There is no doubt whatsoever that the overwhelming majority of my community do not want the CSG industry here. I have stated publicly that I will do all in my power to oppose CSG. I'm now at the pointy end. Does "all in my power" include getting chained to a fence or bulldozer. Will I stand at the Shire border in my white robes and declare in my best Gandalf voice, "none shall pass". I think so. It scares the living daylights out of me, but I'm psyching myself. But even that's not what has got me so angry.

It's Abbot Point.

And the stupid decision that this site in the middle of the Great Barrier Reef should be the preferred location for what will become the world's largest coal terminal.

To make matters worse, the Authority that's supposed to protect this '1 of the 7 natural wonders of the world' reef, will allow 3 million cubic metres of dredging spoil to be dumped within the bondaries of the marine park.

This is not just some whinge of the greeny lefty fringe, that this is even being considered has the rest of the world wondering what's going on in Australia.

But Abbot Point is not just about the Reef. This is much more important.

This coal terminal is being built to ship the vast coal deposits of the Galilee Basin. In full production this project, if compared to the output of entire countries, will become the 7th largest emitter of CO2 in the world. It will dwarf Australia's entire emissions from other sources.

I have long advocated putting a price on carbon pollution. Even back in the mid-eighties, I debated the merits of various forms of carbon abatement as part of my studies in natural resource economics at University.

Putting a price on pollution works. The dreaded Carbon Tax is working. A $7.6% fall in carbon dioxide pollution in its first year, a barely perceptible blip in inflation and strong economic growth. But it's doomed. No amount of sensible debate will save it now.

At an International level the picture is clear. We are now as certain that humans are causing climate change as we are that cigarettes cause cancer. The fossil fuel merchants are today's tobacco companies. Peddling a product which we know will kill millions of people.

We are not just on trend for the dangerous, but adaptable, 2c warming our governments deem is acceptable. If we do not begin to drastically reduce emissions within a decade or so we are consigning our children and grand children to live in a world of catastrophe.

The disaster of four degrees of warming by the end of the cenutry is barely believable, more akin to the post-apocolyptic vision of science-fiction writers I consumed as an adolescent, but it is the path we are on.

The full exploitation of the Galilee Coal basin could well be the difference between 2c or a 4c or higher increase in global temperatures. It doesn't matter where in the world it is burnt.

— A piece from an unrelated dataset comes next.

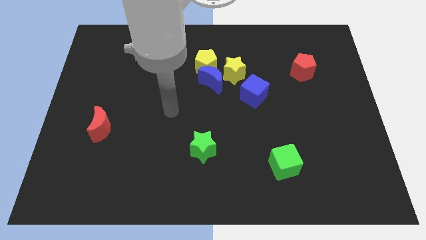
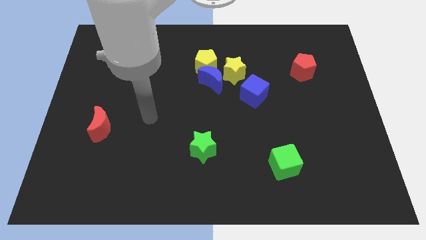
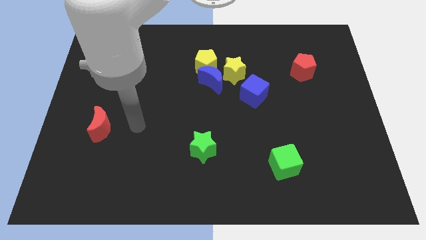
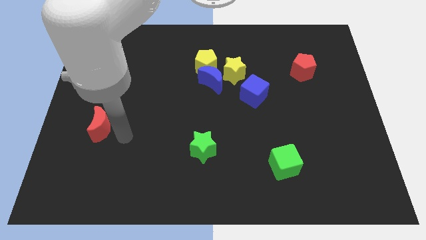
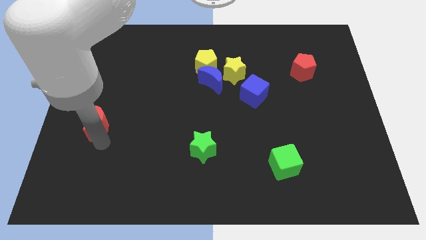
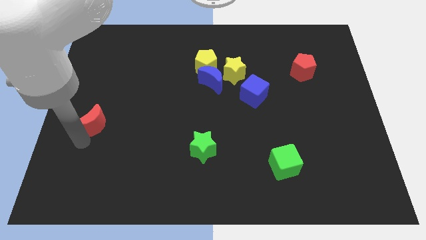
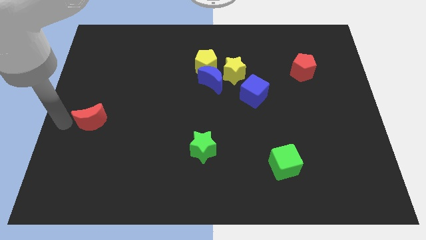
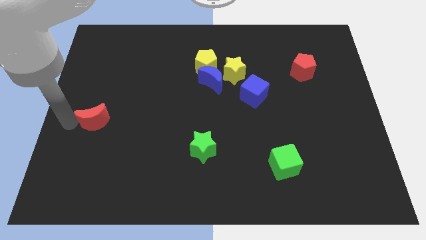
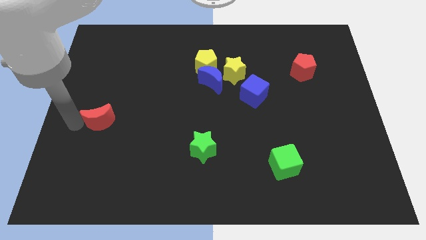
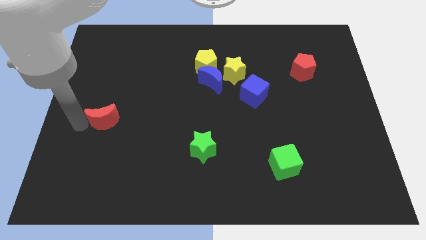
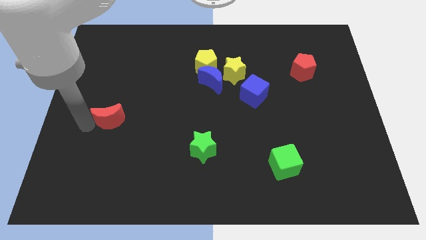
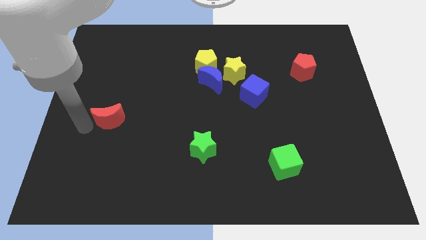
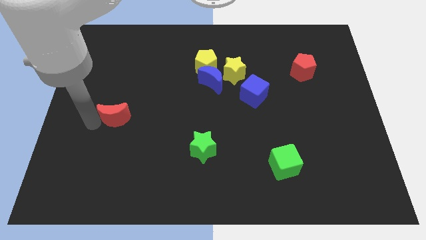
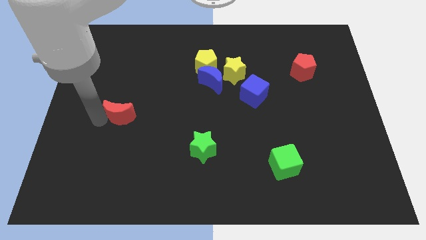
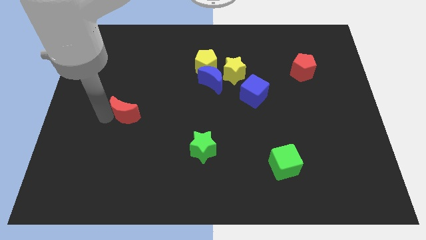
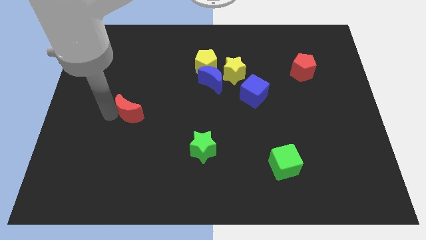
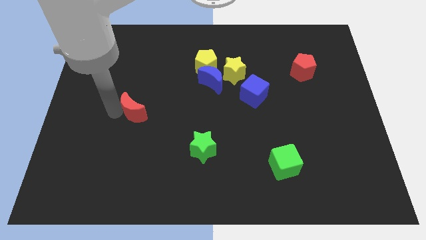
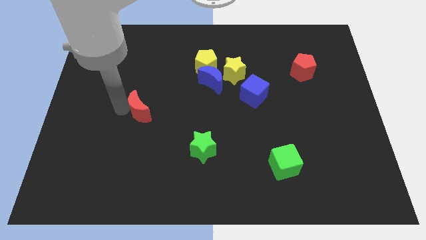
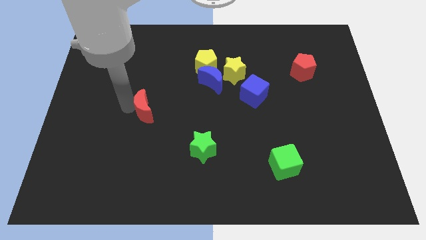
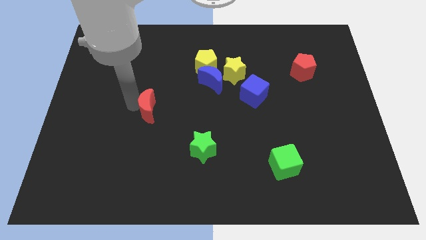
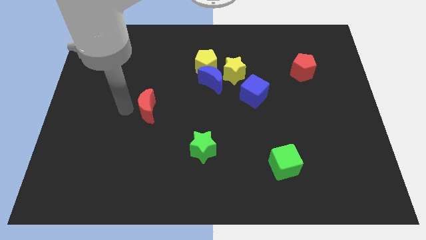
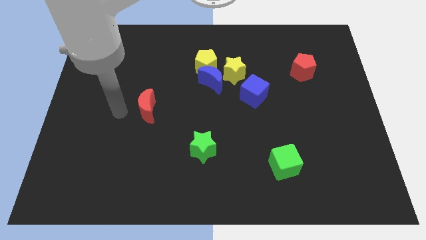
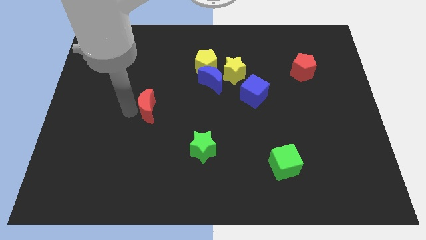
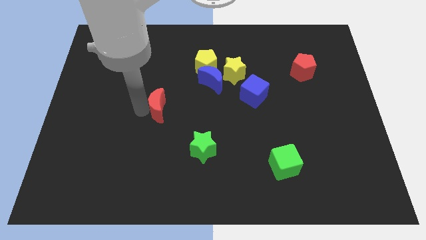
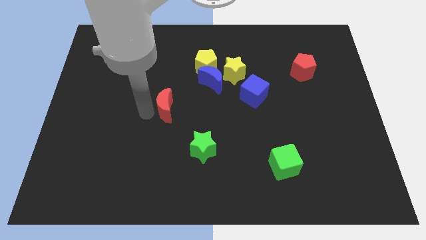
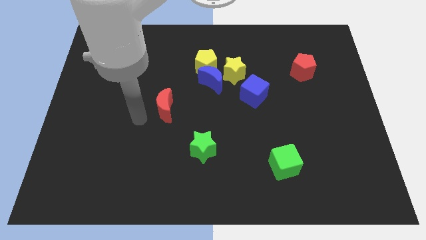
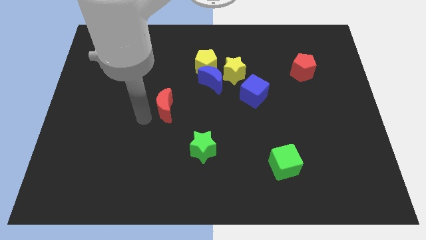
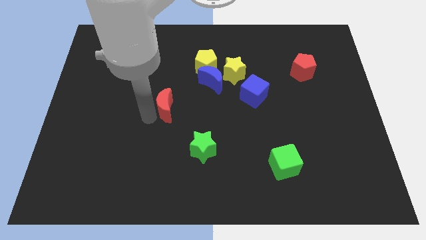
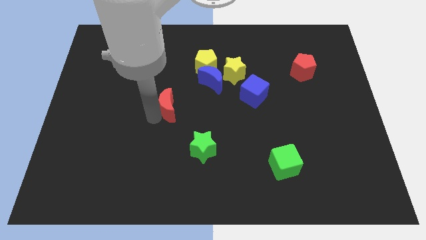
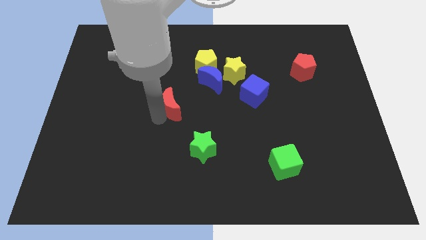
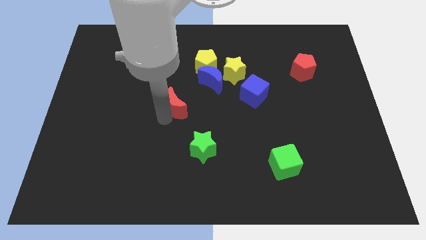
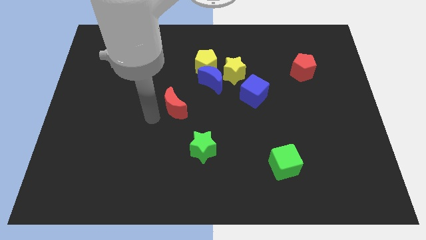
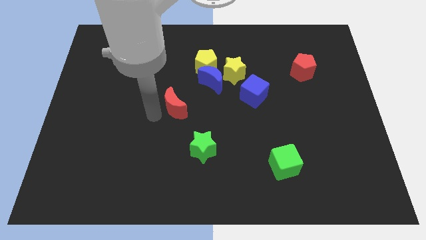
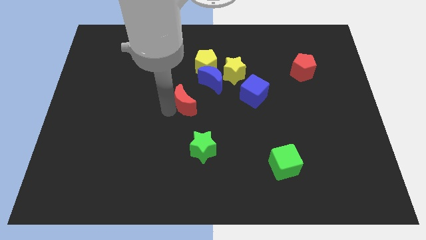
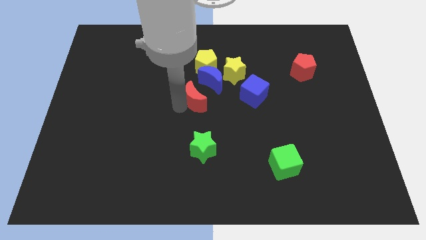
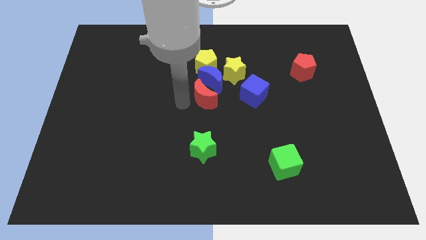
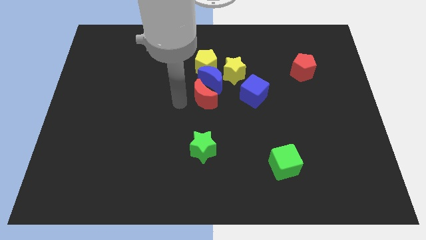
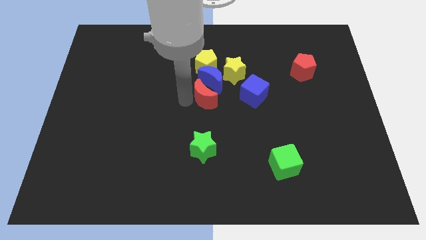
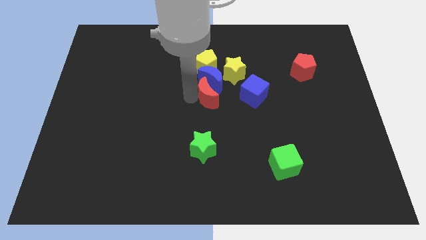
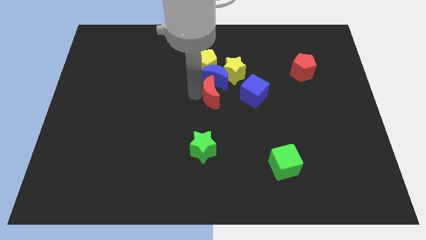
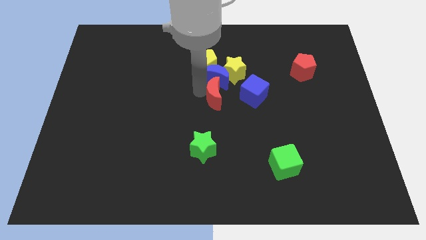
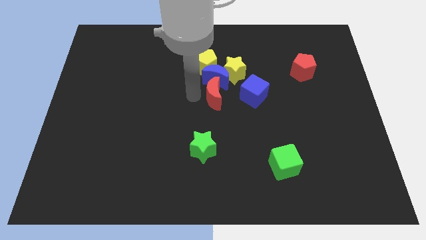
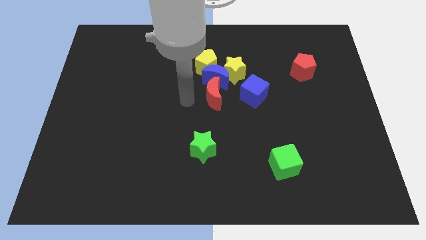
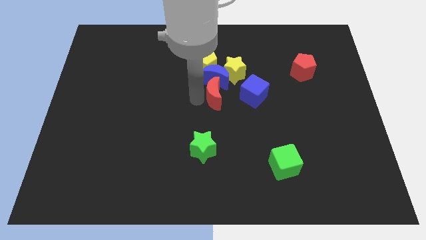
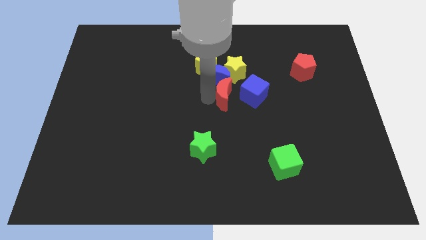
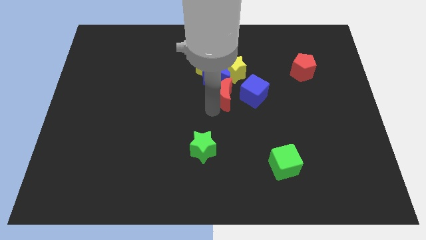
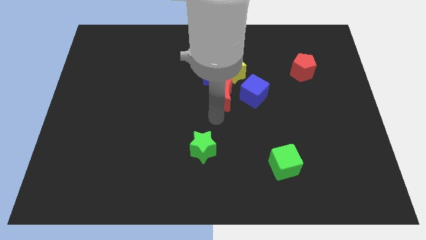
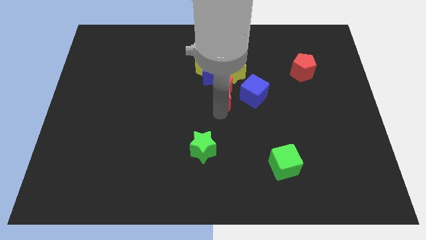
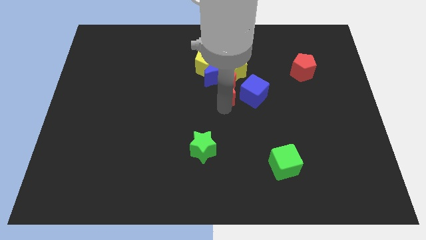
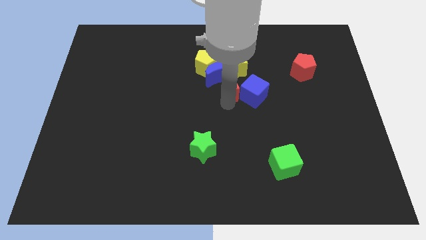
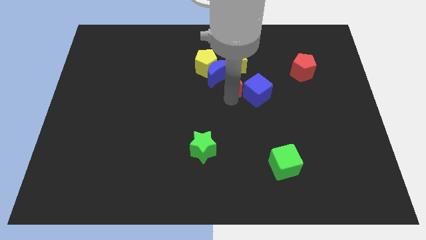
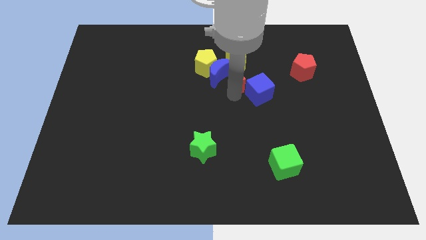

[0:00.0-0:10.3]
move the red moon to the yellow star

I am amazed to find after a lifetime of believing that economics is the solution to climate change, that I am wrong.

If I want to protect the Great Barrier Reef, the sea grass beds, the coral reefs and the incredible wildlife from the effects of smothering by silt, bleaching due to rising sea temperatures and destruction at the hands of increasingly intense cyclones, I must oppose Abbot Point.

If I want to protect my community, built on the flood plain at the mouth of a mighty river, from the ravages of sea level rise, the storm surge, the intense cyclonic storms periodically breaking the crippling droughts, I must oppose Abbot Point.

If I want to look my four year old son in the eye, when he's a man, when he understands the choice we have been confronted with, I must oppose Abbott Point with every fibre of my being.

In 2014, in the rich, developed country of Australia, we face a stark choice. This is our defining moment.